Exercise description.
Write out the data below exactly as given, without any of its pictures.

Materials provided.
= = = = = = =

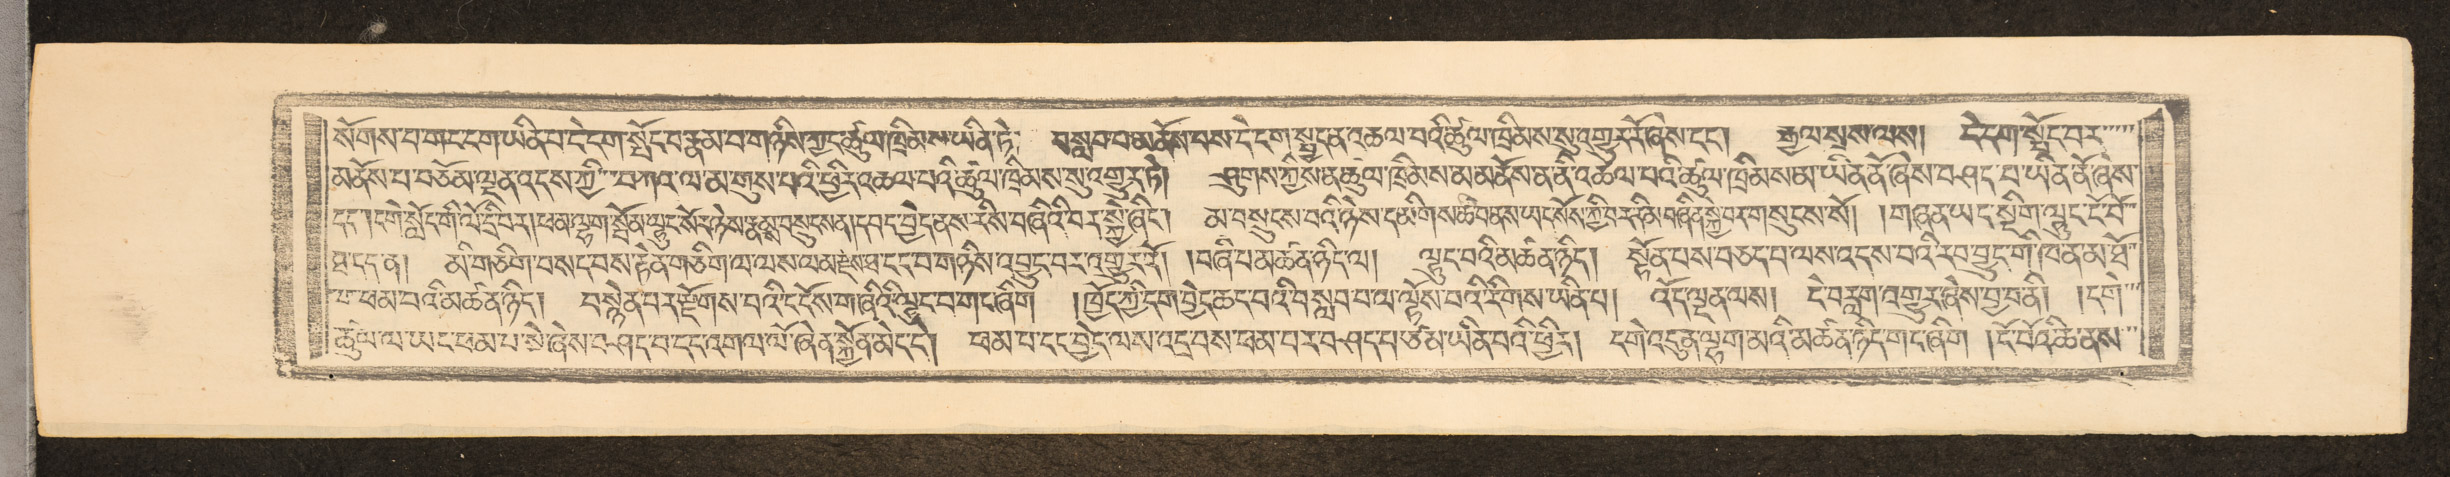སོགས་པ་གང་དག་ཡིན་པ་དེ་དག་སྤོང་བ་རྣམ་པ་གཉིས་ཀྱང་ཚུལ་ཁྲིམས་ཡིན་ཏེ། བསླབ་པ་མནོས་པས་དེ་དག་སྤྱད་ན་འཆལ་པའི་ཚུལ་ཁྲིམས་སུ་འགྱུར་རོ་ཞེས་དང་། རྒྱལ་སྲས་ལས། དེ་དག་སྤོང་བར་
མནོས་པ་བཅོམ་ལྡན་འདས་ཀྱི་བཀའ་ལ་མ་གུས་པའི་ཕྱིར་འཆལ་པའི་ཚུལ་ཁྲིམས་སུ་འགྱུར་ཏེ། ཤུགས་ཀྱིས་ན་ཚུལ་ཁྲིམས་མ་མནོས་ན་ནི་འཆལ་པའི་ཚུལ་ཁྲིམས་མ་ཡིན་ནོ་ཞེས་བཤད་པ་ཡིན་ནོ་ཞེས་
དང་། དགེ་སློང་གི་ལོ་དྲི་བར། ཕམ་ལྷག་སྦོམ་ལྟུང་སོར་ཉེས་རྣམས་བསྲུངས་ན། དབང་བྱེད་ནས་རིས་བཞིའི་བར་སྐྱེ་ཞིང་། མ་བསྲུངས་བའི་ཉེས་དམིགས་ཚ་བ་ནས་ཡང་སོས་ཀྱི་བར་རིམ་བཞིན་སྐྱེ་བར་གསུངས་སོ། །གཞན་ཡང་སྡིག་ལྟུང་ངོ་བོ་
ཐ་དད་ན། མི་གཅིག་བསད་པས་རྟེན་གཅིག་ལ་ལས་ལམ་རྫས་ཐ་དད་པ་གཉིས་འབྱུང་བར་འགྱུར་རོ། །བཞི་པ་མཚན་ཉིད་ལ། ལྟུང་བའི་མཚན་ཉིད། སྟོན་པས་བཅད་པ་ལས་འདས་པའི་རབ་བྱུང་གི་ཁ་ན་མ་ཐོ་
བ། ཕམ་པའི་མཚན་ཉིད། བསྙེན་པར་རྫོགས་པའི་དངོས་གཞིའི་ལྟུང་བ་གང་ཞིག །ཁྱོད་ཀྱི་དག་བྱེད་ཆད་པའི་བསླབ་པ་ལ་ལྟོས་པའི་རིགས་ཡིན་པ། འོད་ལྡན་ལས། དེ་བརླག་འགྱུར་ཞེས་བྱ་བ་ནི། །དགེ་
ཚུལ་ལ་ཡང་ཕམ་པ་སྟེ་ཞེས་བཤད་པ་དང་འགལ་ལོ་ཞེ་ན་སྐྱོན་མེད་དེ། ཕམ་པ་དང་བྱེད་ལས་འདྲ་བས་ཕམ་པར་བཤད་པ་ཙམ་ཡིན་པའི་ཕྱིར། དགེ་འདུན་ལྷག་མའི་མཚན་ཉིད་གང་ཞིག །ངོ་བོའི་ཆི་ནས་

= = = = = = =

Task response.
སོགས་པ་གང་དག་ཡིན་པ་དེ་དག་སྤོང་བ་རྣམ་པ་གཉིས་ཀྱང་ཚུལ་ཁྲིམས་ཡིན་ཏེ། བསླབ་པ་མནོས་པས་དེ་དག་སྤྱད་ན་འཆལ་པའི་ཚུལ་ཁྲིམས་སུ་འགྱུར་རོ་ཞེས་དང་། རྒྱལ་སྲས་ལས། དེ་དག་སྤོང་བར་
མནོས་པ་བཅོམ་ལྡན་འདས་ཀྱི་བཀའ་ལ་མ་གུས་པའི་ཕྱིར་འཆལ་པའི་ཚུལ་ཁྲིམས་སུ་འགྱུར་ཏེ། ཤུགས་ཀྱིས་ན་ཚུལ་ཁྲིམས་མ་མནོས་ན་ནི་འཆལ་པའི་ཚུལ་ཁྲིམས་མ་ཡིན་ནོ་ཞེས་བཤད་པ་ཡིན་ནོ་ཞེས་
དང་། དགེ་སློང་གི་ལོ་དྲི་བར། ཕམ་ལྷག་སྦོམ་ལྟུང་སོར་ཉེས་རྣམས་བསྲུངས་ན། དབང་བྱེད་ནས་རིས་བཞིའི་བར་སྐྱེ་ཞིང་། མ་བསྲུངས་བའི་ཉེས་དམིགས་ཚ་བ་ནས་ཡང་སོས་ཀྱི་བར་རིམ་བཞིན་སྐྱེ་བར་གསུངས་སོ། །གཞན་ཡང་སྡིག་ལྟུང་ངོ་བོ་
ཐ་དད་ན། མི་གཅིག་བསད་པས་རྟེན་གཅིག་ལ་ལས་ལམ་རྫས་ཐ་དད་པ་གཉིས་འབྱུང་བར་འགྱུར་རོ། །བཞི་པ་མཚན་ཉིད་ལ། ལྟུང་བའི་མཚན་ཉིད། སྟོན་པས་བཅད་པ་ལས་འདས་པའི་རབ་བྱུང་གི་ཁ་ན་མ་ཐོ་
བ། ཕམ་པའི་མཚན་ཉིད། བསྙེན་པར་རྫོགས་པའི་དངོས་གཞིའི་ལྟུང་བ་གང་ཞིག །ཁྱོད་ཀྱི་དག་བྱེད་ཆད་པའི་བསླབ་པ་ལ་ལྟོས་པའི་རིགས་ཡིན་པ། འོད་ལྡན་ལས། དེ་བརླག་འགྱུར་ཞེས་བྱ་བ་ནི། །དགེ་
ཚུལ་ལ་ཡང་ཕམ་པ་སྟེ་ཞེས་བཤད་པ་དང་འགལ་ལོ་ཞེ་ན་སྐྱོན་མེད་དེ། ཕམ་པ་དང་བྱེད་ལས་འདྲ་བས་ཕམ་པར་བཤད་པ་ཙམ་ཡིན་པའི་ཕྱིར། དགེ་འདུན་ལྷག་མའི་མཚན་ཉིད་གང་ཞིག །ངོ་བོའི་ཆི་ནས་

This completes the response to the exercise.